Report the number of lines in the records below that hold "principally", and leave out everything else.

---

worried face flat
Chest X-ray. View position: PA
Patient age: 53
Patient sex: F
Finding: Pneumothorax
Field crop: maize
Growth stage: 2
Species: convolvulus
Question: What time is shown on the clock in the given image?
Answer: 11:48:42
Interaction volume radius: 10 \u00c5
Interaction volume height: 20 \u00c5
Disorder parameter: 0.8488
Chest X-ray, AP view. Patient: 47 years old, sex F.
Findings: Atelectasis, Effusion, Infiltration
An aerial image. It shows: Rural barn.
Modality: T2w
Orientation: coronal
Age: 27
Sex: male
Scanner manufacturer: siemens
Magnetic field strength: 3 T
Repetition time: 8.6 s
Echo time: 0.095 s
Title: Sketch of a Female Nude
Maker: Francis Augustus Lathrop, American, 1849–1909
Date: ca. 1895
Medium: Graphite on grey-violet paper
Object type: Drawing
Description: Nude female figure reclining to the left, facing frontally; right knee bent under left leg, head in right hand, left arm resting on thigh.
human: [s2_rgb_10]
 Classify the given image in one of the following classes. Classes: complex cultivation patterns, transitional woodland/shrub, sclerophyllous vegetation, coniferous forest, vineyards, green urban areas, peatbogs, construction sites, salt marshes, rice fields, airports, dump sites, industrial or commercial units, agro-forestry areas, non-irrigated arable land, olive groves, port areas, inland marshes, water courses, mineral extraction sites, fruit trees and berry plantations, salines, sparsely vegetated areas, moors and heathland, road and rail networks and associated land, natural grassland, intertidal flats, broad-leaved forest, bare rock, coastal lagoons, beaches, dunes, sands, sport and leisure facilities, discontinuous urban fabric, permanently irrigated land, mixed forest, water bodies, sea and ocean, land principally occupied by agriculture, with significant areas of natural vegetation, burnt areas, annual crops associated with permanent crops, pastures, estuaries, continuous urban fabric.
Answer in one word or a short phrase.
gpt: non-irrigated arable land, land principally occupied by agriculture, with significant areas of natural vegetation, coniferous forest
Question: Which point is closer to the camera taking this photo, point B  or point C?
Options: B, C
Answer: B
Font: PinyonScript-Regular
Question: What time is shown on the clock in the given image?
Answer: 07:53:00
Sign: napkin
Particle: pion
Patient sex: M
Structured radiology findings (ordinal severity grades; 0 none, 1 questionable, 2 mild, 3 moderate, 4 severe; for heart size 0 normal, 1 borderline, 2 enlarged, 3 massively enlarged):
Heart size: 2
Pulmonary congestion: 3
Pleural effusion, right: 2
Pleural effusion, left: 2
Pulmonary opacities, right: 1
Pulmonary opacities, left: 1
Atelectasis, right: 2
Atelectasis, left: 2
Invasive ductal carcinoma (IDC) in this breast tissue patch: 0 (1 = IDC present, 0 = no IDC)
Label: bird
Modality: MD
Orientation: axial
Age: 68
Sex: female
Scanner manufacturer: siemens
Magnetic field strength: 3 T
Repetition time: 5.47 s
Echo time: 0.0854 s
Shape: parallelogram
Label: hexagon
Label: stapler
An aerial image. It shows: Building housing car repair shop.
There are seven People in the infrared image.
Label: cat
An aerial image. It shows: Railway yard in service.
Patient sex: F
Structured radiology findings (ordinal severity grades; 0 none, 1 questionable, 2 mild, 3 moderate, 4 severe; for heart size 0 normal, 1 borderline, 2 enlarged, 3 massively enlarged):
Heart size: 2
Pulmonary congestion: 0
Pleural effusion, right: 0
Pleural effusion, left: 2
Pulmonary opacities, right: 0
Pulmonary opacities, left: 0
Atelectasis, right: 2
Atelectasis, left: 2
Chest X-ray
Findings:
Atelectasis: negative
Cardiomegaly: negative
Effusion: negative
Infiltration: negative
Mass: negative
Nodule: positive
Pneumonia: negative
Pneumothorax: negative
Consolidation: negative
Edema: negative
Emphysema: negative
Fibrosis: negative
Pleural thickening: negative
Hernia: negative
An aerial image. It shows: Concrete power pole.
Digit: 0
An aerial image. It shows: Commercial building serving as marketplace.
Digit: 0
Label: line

---

→ TASK RESULT: 2